In this paper, we discuss the ethical and legal challenges in cross-border data sharing and ethical values and legal principles that have been identified in current literature to overcome the challenges. This is followed by a proposal for possible ways of streamlining the governance of health data sharing from ethical and legal perspectives in a bid to better prepare for future global health emergencies and enable responsible sharing of health data.
Scoping review methodology
A scoping review approach was used to better understand emerging evidence on issues relating to ethical and legal governance of cross-border health data sharing in global health emergencies. Scoping reviews enable researchers to synthesize diverse bodies of knowledge and describe their relevance, range, and nature. We followed the methodological framework of Arksey and O’Mally (2005) for scoping review studies. Arksey and O’Malley outline five steps to conduct such reviews which include: (1) identifying the research question; (2) identifying relevant studies; (3) study selection; (4) charting the data; (5) collating, summarizing, and reporting the results.
Search strategy
Searches were conducted on the Google Scholar search engine and four databases: Pub-med, Web of Science, Scopus, and Medline. Full texts of peer-reviewed articles were located and screened. The search terms used were: “health data AND pandemics OR health emergencies,” “health data AND ethical issues,” “health data AND legal issues,” “health data AND cross-border sharing,” “health data AND governance,” “health data AND streamlining governance.”
Selection process
The inclusion and exclusion criteria outlined in Table 1 below were used to assign a value of “include,” “exclude,” or “maybe” to the identified articles to ascertain whether the article should be included in the review or not. Further, Figure 1 elaborates on the strategy that was used to include and exclude the articles in relation to Table 1. In a situation where it was not possible to decide based on the title and abstract alone, the full article was reviewed.
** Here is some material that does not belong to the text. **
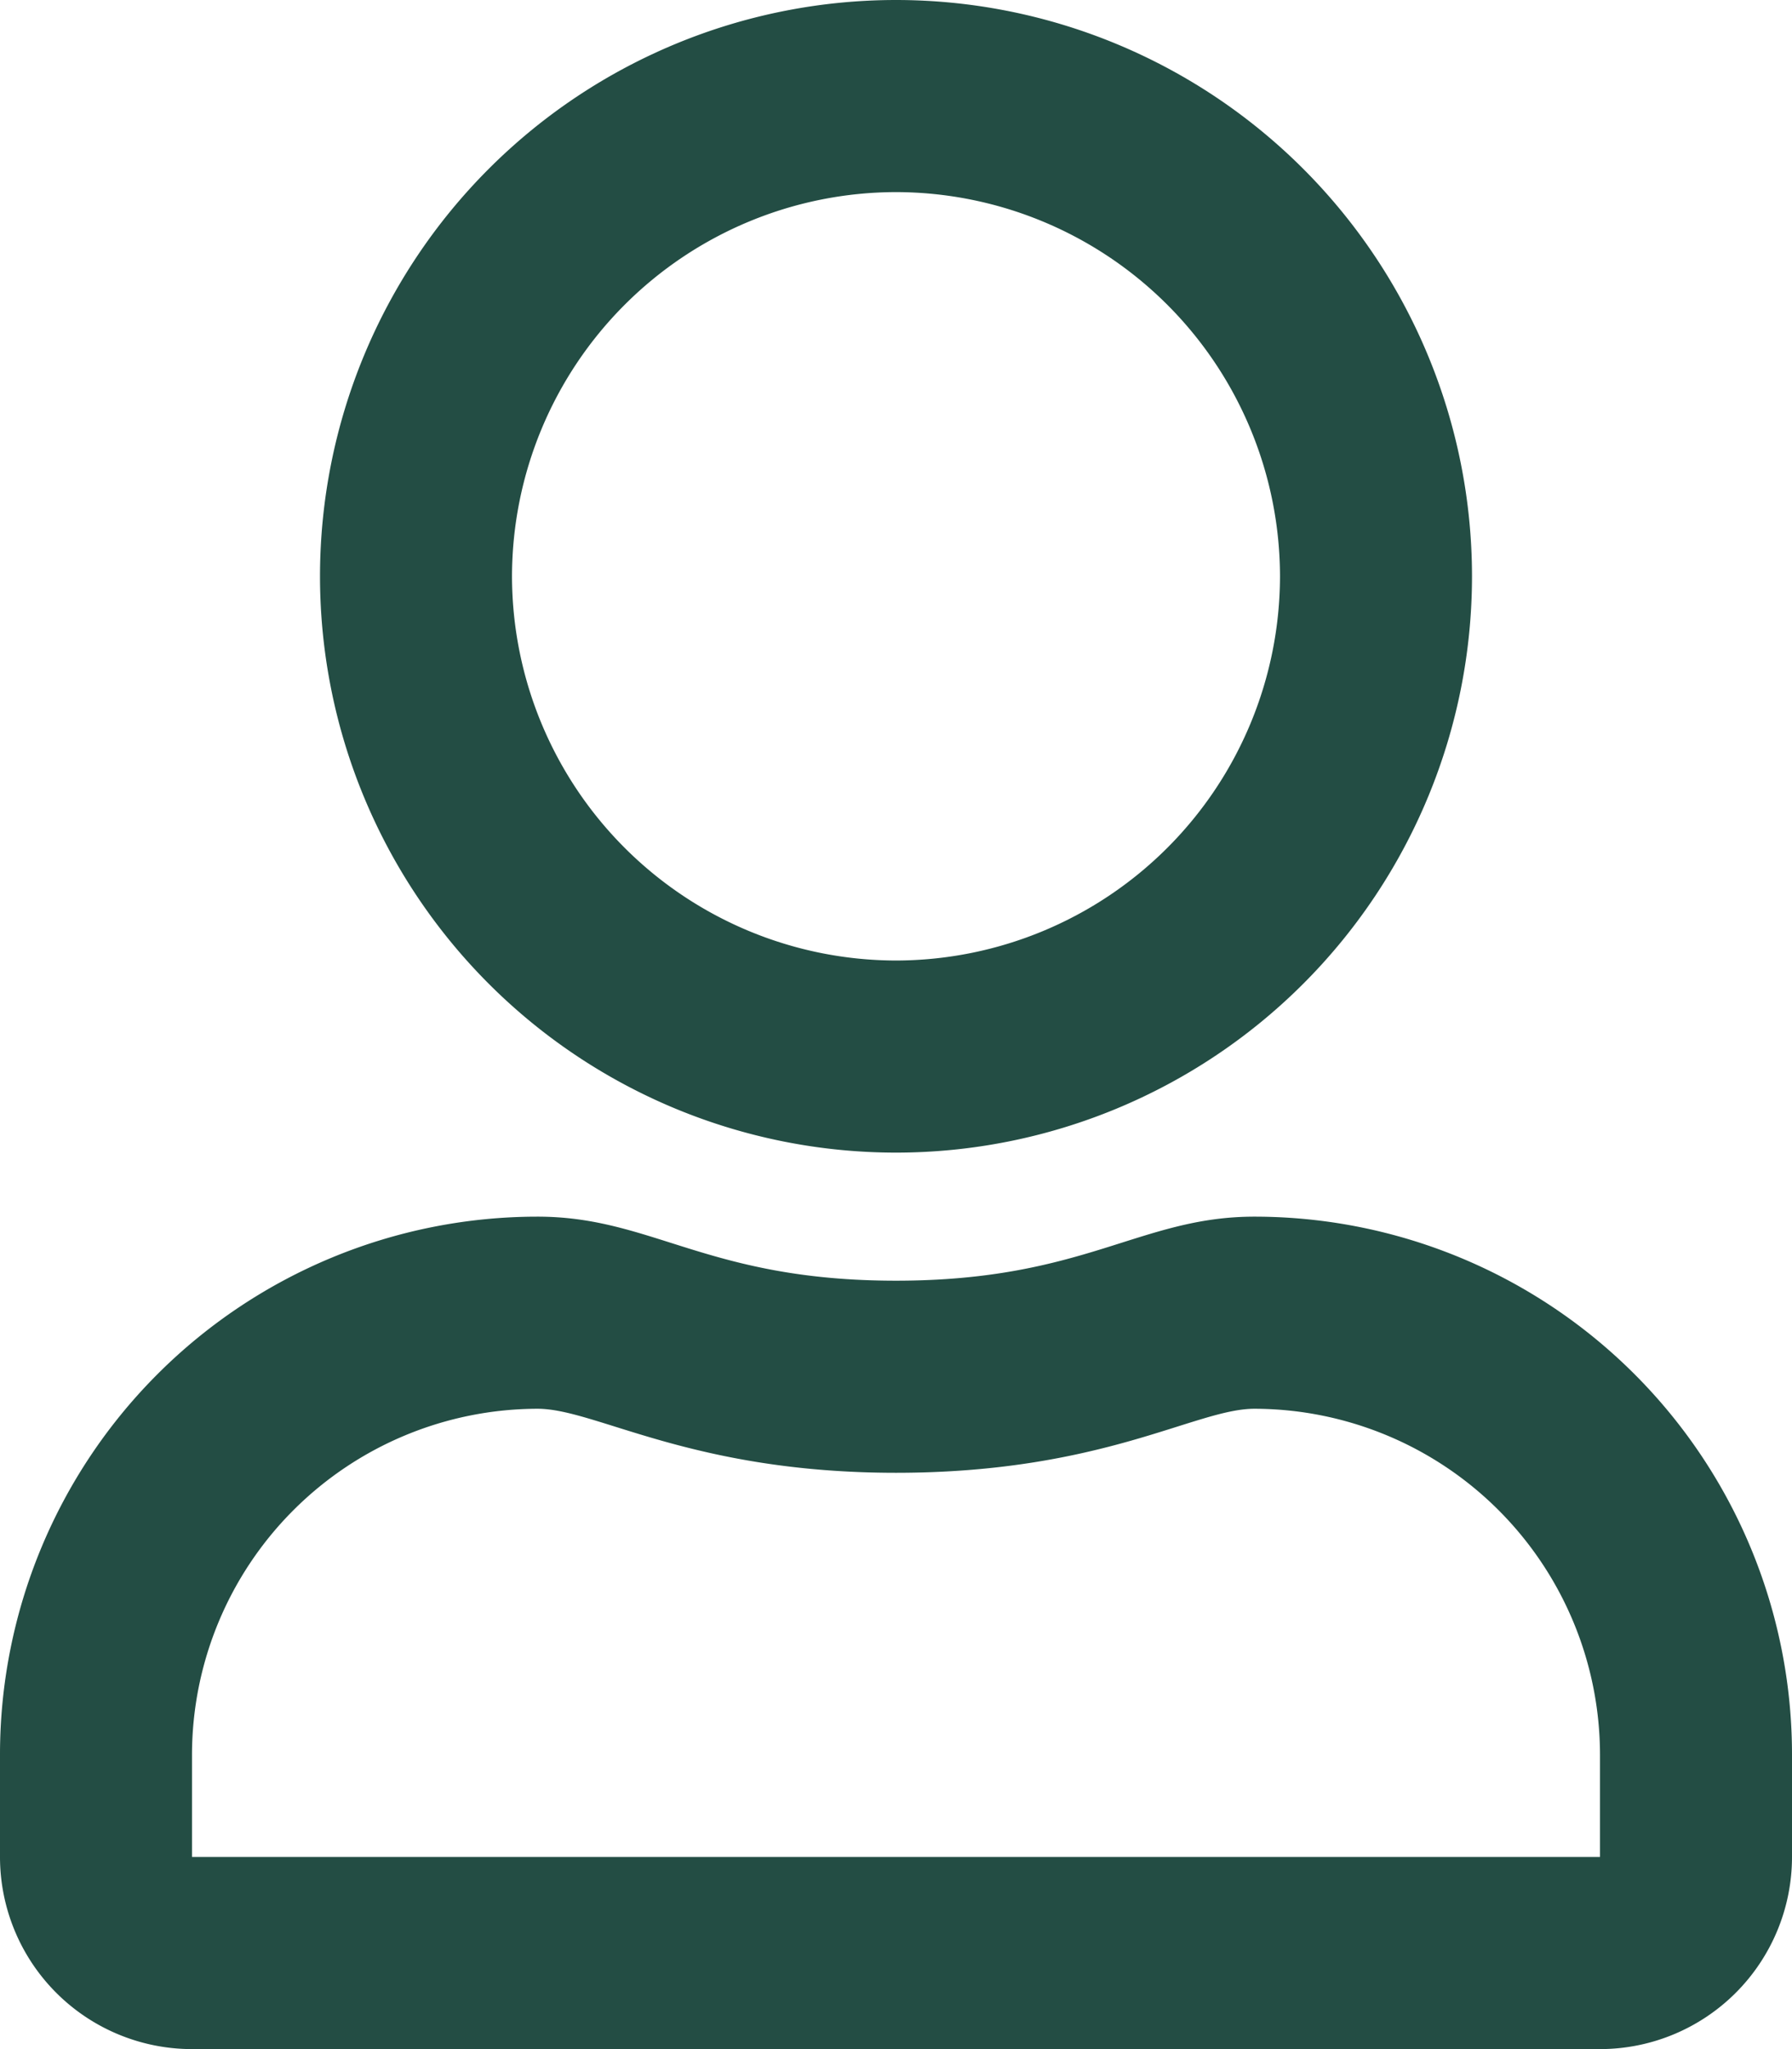 <svg xmlns="http://www.w3.org/2000/svg" width="21" height="24" viewBox="0 0 21 24">
  <path id="icon-user" d="M14.7-6.75c-1.345,0-1.992.75-4.2.75s-2.85-.75-4.2-.75A6.3,6.3,0,0,0,0-.45V.75A2.251,2.251,0,0,0,2.25,3h16.5A2.251,2.251,0,0,0,21,.75V-.45A6.3,6.3,0,0,0,14.7-6.75ZM18.75.75H2.25V-.45A4.057,4.057,0,0,1,6.3-4.5c.684,0,1.8.75,4.2.75,2.423,0,3.511-.75,4.2-.75A4.057,4.057,0,0,1,18.75-.45ZM10.5-7.5a6.752,6.752,0,0,0,6.75-6.75A6.752,6.752,0,0,0,10.5-21a6.752,6.752,0,0,0-6.75,6.75A6.752,6.752,0,0,0,10.5-7.5Zm0-11.25a4.507,4.507,0,0,1,4.5,4.5,4.507,4.507,0,0,1-4.5,4.5A4.507,4.507,0,0,1,6-14.25,4.507,4.507,0,0,1,10.5-18.75Z" transform="translate(0 21)" fill="#234d44"/>
</svg>

When the first reviewer (LM) was unsure of whether to include an article a second reviewer (PA) reviewed the article, and this was resolved by the full article being retrieved and re-read in each case. After removing duplicates and excluding articles that did not match the search criteria, a total of 23 articles were included in the analysis. A summary of the characteristics of the 23 articles selected for review can be found in Table 2.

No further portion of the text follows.